### Requirement
Please output exactly the part of the records below that opens with the line containing "དགག་གཞག་སྤང་གསུམ་ལས། དང་པོ་ལ། བརྗོད་བྱེད་ཚིག་གི་དབུ་མ་དང་།" and closes with the line containing "འདོད་ན། མ་ཡིན་པར་ཐལ། མདོ་ཡིན་", both lines included, and nothing else.
------------------------------
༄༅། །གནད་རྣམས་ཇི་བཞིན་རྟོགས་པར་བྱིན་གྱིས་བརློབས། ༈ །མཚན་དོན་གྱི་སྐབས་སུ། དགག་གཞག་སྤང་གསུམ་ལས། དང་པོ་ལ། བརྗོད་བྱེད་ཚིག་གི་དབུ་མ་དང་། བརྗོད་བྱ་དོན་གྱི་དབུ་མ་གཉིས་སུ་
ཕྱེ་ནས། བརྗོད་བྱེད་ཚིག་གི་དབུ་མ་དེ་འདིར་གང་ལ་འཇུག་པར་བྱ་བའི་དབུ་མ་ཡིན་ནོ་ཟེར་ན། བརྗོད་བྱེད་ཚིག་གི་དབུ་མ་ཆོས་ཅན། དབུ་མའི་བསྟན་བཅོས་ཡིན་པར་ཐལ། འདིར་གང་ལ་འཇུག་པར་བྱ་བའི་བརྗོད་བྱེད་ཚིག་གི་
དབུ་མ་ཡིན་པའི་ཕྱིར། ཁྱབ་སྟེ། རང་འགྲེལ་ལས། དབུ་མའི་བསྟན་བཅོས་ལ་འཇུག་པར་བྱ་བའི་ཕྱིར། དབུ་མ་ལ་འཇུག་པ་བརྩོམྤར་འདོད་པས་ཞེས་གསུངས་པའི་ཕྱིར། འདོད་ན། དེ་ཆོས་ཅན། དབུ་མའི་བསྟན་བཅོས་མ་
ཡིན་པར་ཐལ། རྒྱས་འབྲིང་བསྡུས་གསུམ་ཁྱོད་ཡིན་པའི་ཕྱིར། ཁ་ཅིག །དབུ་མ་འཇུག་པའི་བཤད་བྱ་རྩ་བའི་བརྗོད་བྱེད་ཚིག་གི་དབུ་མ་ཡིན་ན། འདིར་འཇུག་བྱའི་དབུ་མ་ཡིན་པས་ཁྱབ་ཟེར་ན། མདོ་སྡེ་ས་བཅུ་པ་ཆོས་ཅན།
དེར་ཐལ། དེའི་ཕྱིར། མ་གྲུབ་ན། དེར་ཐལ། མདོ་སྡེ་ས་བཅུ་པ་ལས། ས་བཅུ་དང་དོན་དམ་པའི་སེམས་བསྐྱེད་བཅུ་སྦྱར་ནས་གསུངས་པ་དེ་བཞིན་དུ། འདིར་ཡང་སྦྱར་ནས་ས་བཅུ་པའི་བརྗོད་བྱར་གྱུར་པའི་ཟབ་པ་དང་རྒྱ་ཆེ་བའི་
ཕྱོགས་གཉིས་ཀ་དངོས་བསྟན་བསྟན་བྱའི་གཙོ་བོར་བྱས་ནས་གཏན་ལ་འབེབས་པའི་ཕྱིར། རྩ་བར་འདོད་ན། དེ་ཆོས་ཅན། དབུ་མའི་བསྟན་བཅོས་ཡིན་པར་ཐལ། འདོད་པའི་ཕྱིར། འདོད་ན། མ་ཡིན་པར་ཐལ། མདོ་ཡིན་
------------------------------
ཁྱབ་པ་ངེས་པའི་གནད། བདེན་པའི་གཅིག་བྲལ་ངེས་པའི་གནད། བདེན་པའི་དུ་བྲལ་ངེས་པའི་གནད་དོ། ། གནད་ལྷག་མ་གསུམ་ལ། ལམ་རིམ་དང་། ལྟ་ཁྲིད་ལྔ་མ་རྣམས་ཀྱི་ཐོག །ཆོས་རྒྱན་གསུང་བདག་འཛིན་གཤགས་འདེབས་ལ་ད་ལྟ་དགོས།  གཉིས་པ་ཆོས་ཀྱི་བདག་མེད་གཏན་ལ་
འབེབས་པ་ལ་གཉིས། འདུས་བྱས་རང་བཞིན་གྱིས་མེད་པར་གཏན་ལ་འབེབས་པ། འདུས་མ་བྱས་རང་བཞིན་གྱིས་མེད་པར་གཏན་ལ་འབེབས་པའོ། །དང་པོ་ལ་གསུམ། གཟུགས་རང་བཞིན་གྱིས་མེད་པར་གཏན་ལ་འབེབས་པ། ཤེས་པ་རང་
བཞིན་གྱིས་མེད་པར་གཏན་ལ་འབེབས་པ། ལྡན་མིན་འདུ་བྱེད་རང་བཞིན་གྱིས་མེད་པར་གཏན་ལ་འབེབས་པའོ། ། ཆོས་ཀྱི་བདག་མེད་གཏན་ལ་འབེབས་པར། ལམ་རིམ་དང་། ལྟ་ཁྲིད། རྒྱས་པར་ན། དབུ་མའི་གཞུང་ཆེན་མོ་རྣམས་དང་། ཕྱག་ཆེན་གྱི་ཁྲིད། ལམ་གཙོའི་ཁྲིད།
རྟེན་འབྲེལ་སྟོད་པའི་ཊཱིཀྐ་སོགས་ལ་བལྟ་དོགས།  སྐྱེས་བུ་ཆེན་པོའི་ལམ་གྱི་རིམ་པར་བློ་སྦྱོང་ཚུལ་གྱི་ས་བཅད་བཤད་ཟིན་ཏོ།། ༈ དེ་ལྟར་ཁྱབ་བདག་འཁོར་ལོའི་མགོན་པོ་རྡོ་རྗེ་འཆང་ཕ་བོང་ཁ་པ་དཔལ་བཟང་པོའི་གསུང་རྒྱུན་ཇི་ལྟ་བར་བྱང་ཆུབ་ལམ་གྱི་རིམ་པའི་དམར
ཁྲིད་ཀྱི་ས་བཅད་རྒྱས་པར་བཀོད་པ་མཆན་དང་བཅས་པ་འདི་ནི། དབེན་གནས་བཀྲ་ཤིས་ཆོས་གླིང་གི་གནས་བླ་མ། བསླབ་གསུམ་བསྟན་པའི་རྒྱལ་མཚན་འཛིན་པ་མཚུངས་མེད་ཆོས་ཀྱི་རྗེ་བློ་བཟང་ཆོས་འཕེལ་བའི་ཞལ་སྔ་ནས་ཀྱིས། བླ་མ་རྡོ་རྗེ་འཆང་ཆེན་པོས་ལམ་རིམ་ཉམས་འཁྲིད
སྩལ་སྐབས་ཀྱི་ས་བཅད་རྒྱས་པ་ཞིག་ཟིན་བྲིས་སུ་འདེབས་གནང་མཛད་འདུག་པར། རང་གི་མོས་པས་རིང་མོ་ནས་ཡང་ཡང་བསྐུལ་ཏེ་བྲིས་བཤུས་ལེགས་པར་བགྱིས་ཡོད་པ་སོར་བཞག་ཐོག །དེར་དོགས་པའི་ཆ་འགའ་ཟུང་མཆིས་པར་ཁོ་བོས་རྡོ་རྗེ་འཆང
------------------------------
### Exercise result
༄༅། །གནད་རྣམས་ཇི་བཞིན་རྟོགས་པར་བྱིན་གྱིས་བརློབས། ༈ །མཚན་དོན་གྱི་སྐབས་སུ། དགག་གཞག་སྤང་གསུམ་ལས། དང་པོ་ལ། བརྗོད་བྱེད་ཚིག་གི་དབུ་མ་དང་། བརྗོད་བྱ་དོན་གྱི་དབུ་མ་གཉིས་སུ་
ཕྱེ་ནས། བརྗོད་བྱེད་ཚིག་གི་དབུ་མ་དེ་འདིར་གང་ལ་འཇུག་པར་བྱ་བའི་དབུ་མ་ཡིན་ནོ་ཟེར་ན། བརྗོད་བྱེད་ཚིག་གི་དབུ་མ་ཆོས་ཅན། དབུ་མའི་བསྟན་བཅོས་ཡིན་པར་ཐལ། འདིར་གང་ལ་འཇུག་པར་བྱ་བའི་བརྗོད་བྱེད་ཚིག་གི་
དབུ་མ་ཡིན་པའི་ཕྱིར། ཁྱབ་སྟེ། རང་འགྲེལ་ལས། དབུ་མའི་བསྟན་བཅོས་ལ་འཇུག་པར་བྱ་བའི་ཕྱིར། དབུ་མ་ལ་འཇུག་པ་བརྩོམྤར་འདོད་པས་ཞེས་གསུངས་པའི་ཕྱིར། འདོད་ན། དེ་ཆོས་ཅན། དབུ་མའི་བསྟན་བཅོས་མ་
ཡིན་པར་ཐལ། རྒྱས་འབྲིང་བསྡུས་གསུམ་ཁྱོད་ཡིན་པའི་ཕྱིར། ཁ་ཅིག །དབུ་མ་འཇུག་པའི་བཤད་བྱ་རྩ་བའི་བརྗོད་བྱེད་ཚིག་གི་དབུ་མ་ཡིན་ན། འདིར་འཇུག་བྱའི་དབུ་མ་ཡིན་པས་ཁྱབ་ཟེར་ན། མདོ་སྡེ་ས་བཅུ་པ་ཆོས་ཅན།
དེར་ཐལ། དེའི་ཕྱིར། མ་གྲུབ་ན། དེར་ཐལ། མདོ་སྡེ་ས་བཅུ་པ་ལས། ས་བཅུ་དང་དོན་དམ་པའི་སེམས་བསྐྱེད་བཅུ་སྦྱར་ནས་གསུངས་པ་དེ་བཞིན་དུ། འདིར་ཡང་སྦྱར་ནས་ས་བཅུ་པའི་བརྗོད་བྱར་གྱུར་པའི་ཟབ་པ་དང་རྒྱ་ཆེ་བའི་
ཕྱོགས་གཉིས་ཀ་དངོས་བསྟན་བསྟན་བྱའི་གཙོ་བོར་བྱས་ནས་གཏན་ལ་འབེབས་པའི་ཕྱིར། རྩ་བར་འདོད་ན། དེ་ཆོས་ཅན། དབུ་མའི་བསྟན་བཅོས་ཡིན་པར་ཐལ། འདོད་པའི་ཕྱིར། འདོད་ན། མ་ཡིན་པར་ཐལ། མདོ་ཡིན་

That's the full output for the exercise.